Lynn Fitch sits at a White House table next to Donald Trump and Bill Barr
The U.S. Supreme Court rejected a lawsuit backed by Mississippi Attorney General Lynn Fitch, left, and the Trump administration that asked the court to invalidate the 2010 Patient Protection and Affordable Care Act along with its Medicaid expansion provision. Photo courtesy Trump White House Archives

Laurie Bertram Roberts told the Mississippi Free Press yesterday that Fitch’s record does not align with the words she used during the Daily Signal interview.

“I don’t want to hear anything from people like Lynn Fitch about how they talk about the person as a whole person when the only policies I see them pushing for poor women and their children is how to adopt them out of their arms faster,” she said. “They’re cutting off parental rights to low-income women in the system in DHS—they push for that.”

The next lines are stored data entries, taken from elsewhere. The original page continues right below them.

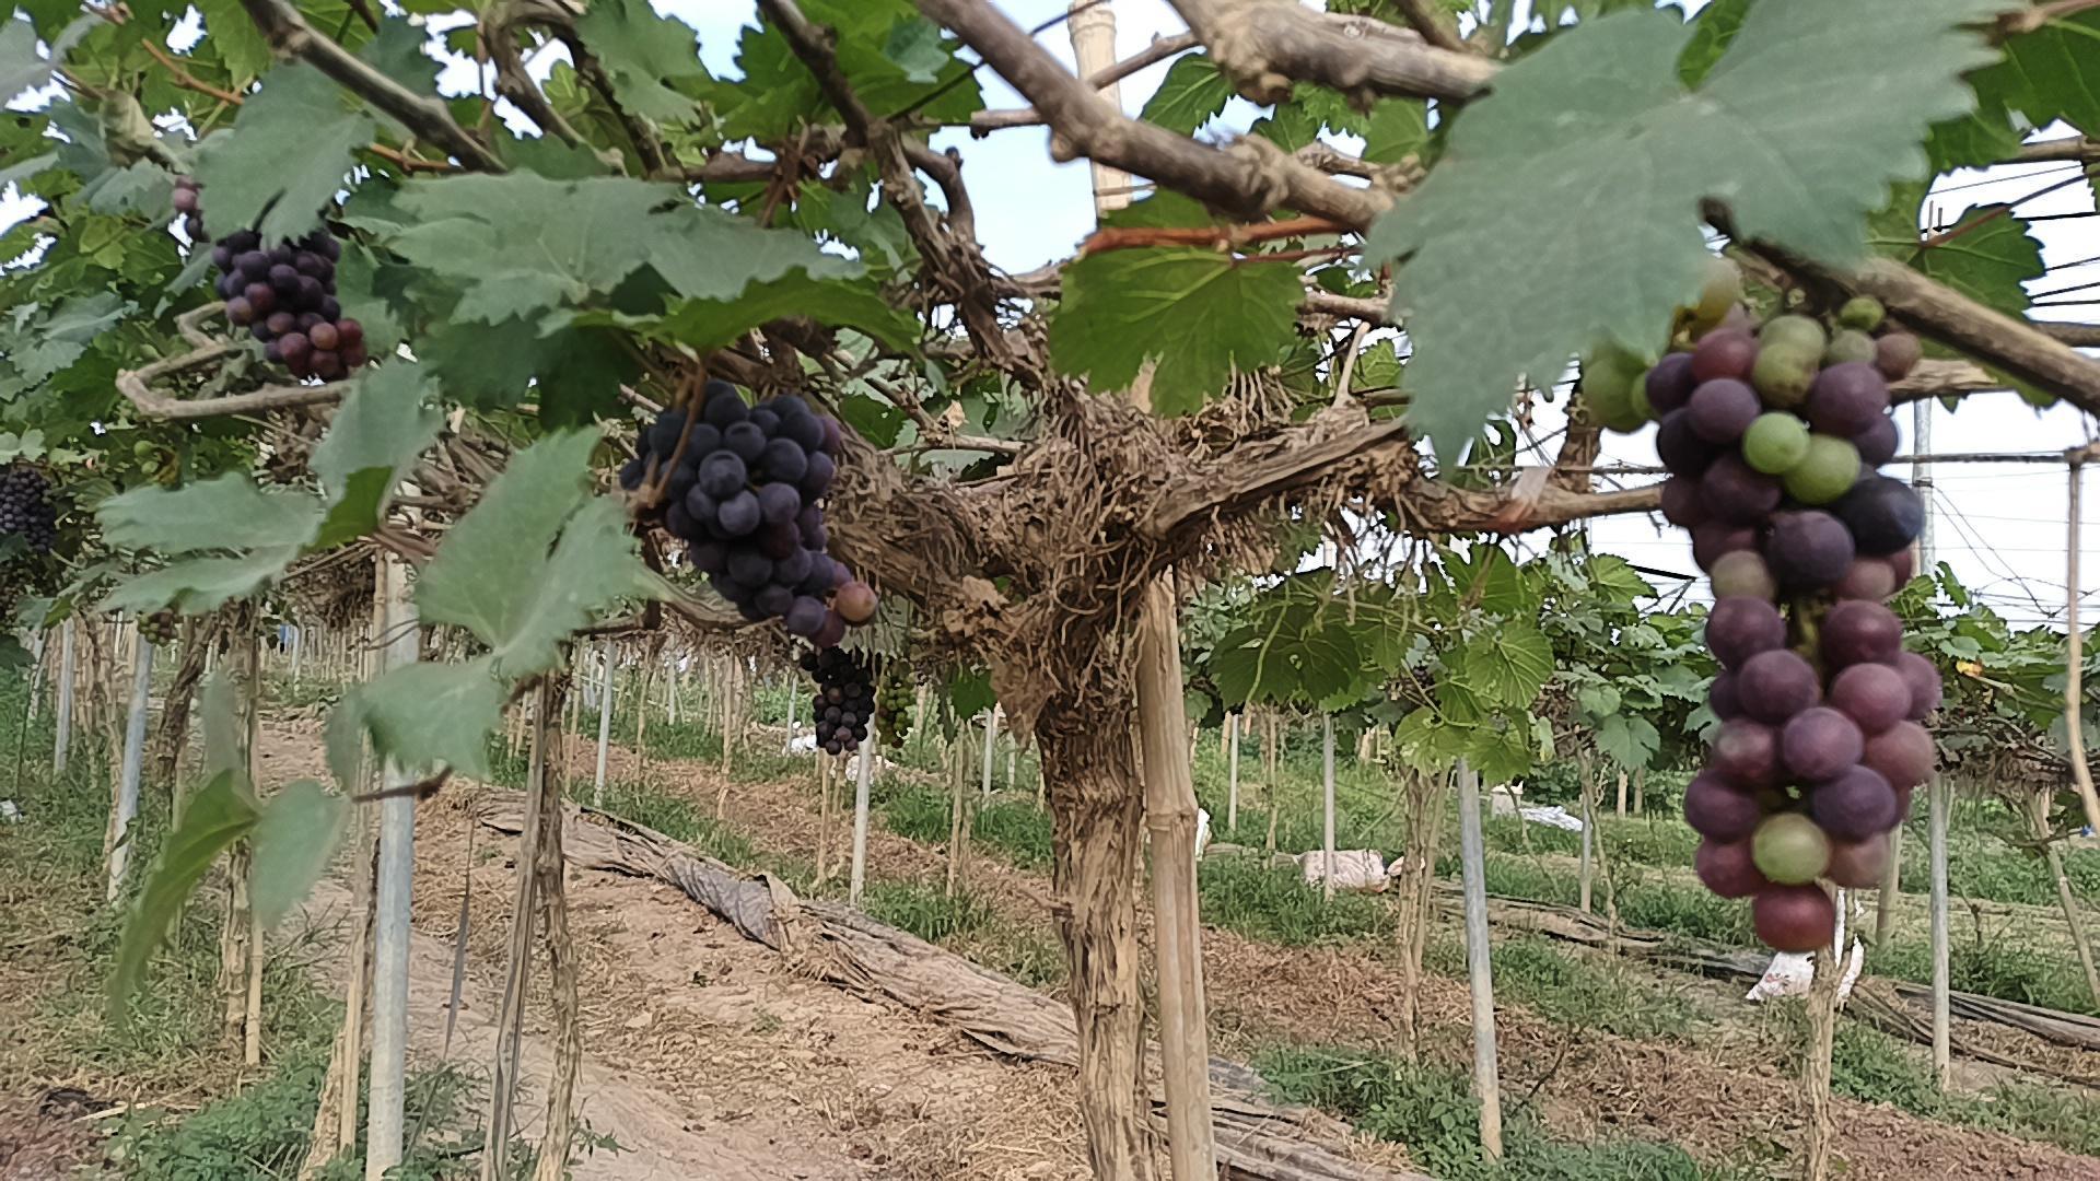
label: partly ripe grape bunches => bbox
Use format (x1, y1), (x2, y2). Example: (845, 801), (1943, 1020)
(1591, 272), (1933, 951)
(876, 658), (921, 750)
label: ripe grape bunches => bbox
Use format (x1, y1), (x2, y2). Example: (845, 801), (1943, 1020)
(174, 177), (366, 382)
(798, 646), (875, 755)
(620, 379), (876, 646)
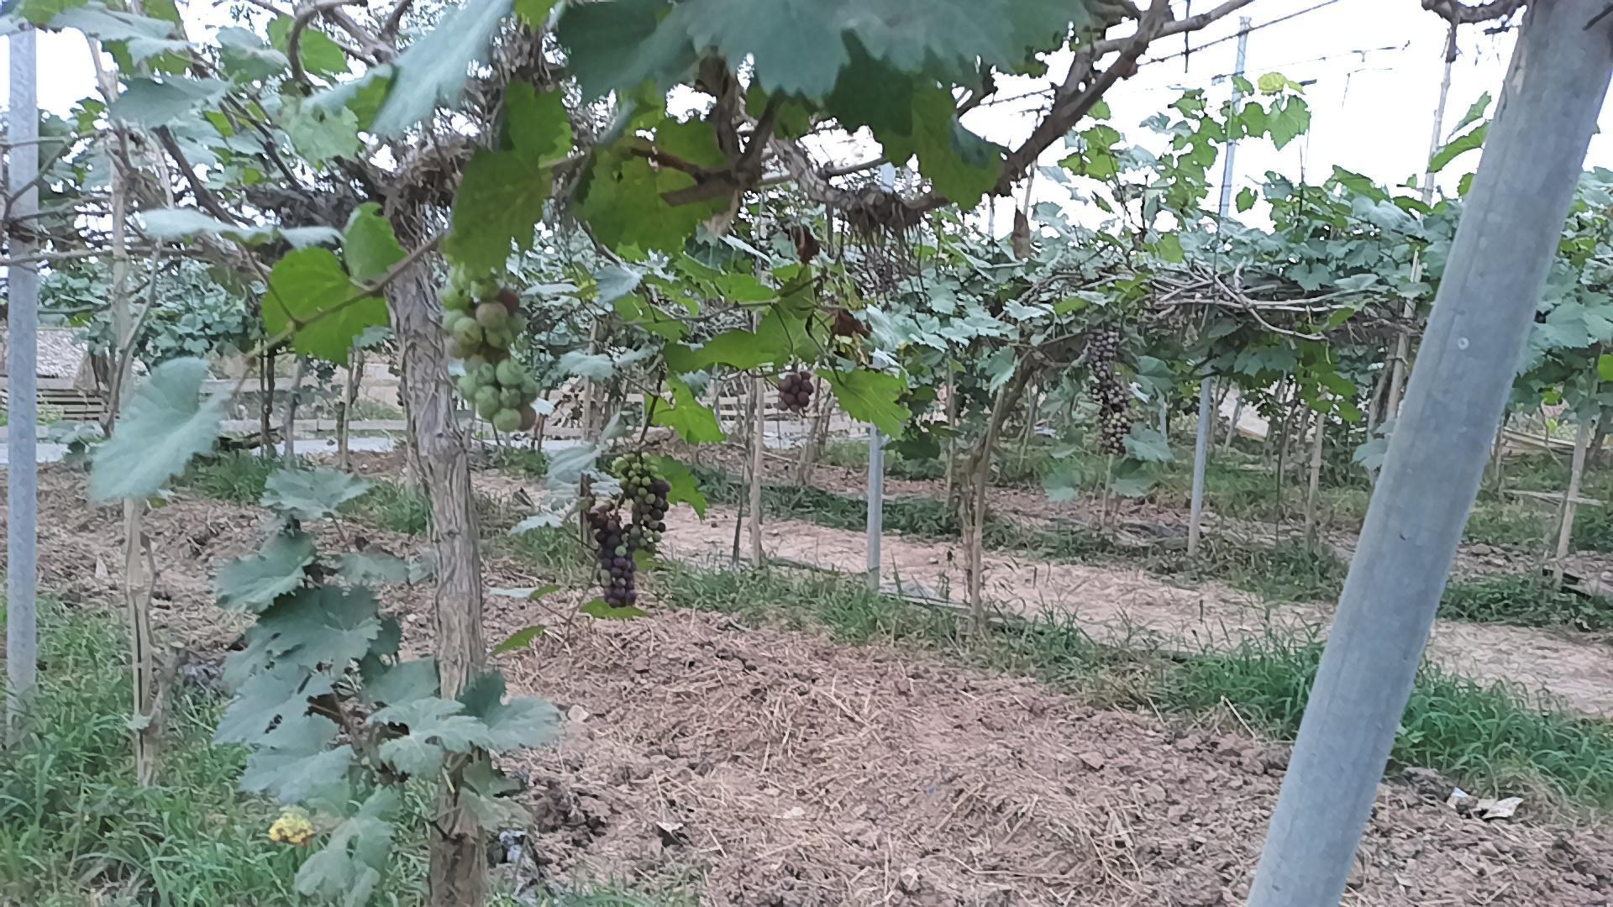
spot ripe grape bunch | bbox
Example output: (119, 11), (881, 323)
(776, 371), (814, 412)
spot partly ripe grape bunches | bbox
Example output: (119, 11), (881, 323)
(586, 504), (636, 608)
(1085, 322), (1120, 378)
(1088, 372), (1131, 454)
(612, 453), (670, 552)
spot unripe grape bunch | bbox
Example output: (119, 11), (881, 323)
(442, 265), (539, 432)
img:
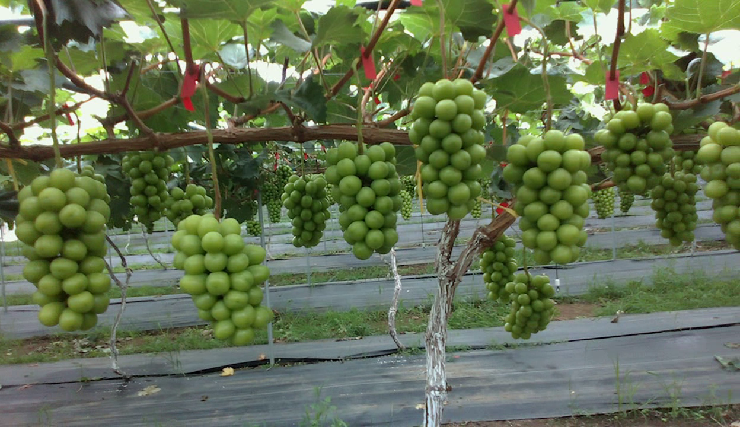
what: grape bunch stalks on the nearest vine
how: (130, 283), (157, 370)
(351, 57), (363, 154)
(200, 62), (221, 219)
(620, 81), (639, 110)
(437, 0), (448, 78)
(36, 1), (63, 167)
(522, 18), (552, 130)
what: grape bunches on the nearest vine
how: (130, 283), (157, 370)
(410, 79), (486, 221)
(323, 142), (402, 260)
(502, 129), (592, 265)
(697, 122), (739, 250)
(15, 168), (113, 332)
(169, 212), (275, 346)
(594, 103), (674, 194)
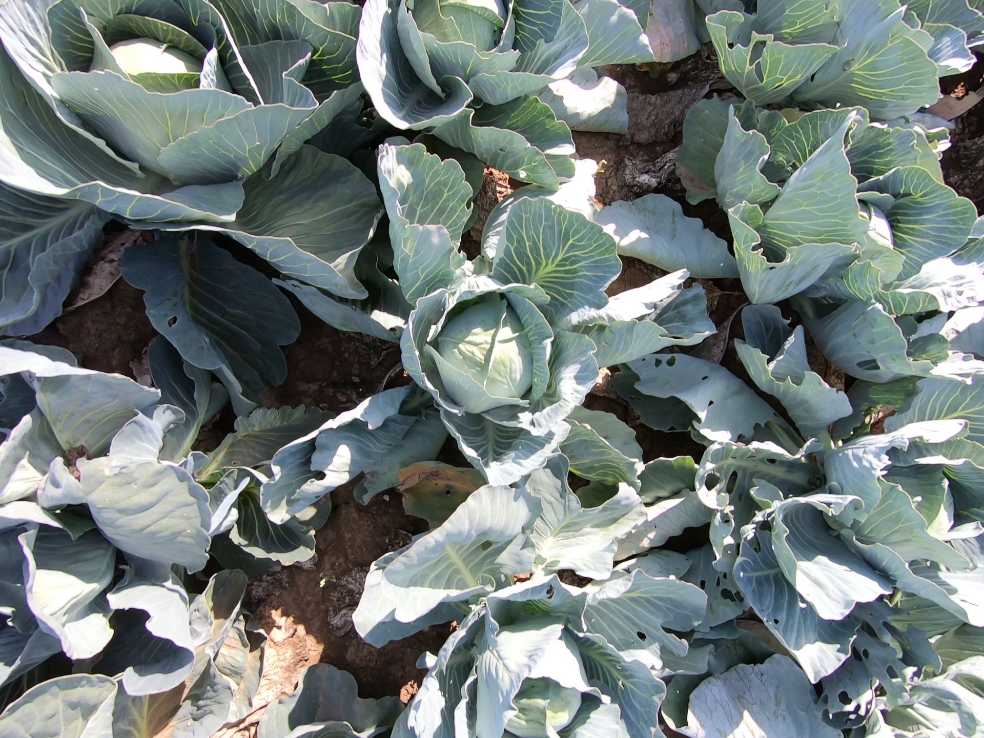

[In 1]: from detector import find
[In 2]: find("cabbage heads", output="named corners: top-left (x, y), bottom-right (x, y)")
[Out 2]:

Leaders in Fitch’s party and others in state government could help make life easier for women, mothers and reduce the need for abortion, Roberts said, if they prioritized things like helping low-income families get access to SNAP benefits; tackling domestic violence; testing years worth of rape kit backlogs to identify rapists; or expanding Medicaid.

“All these things that impact whether or not someone has an abortion,” Roberts said. “I ain’t seen them working on that.”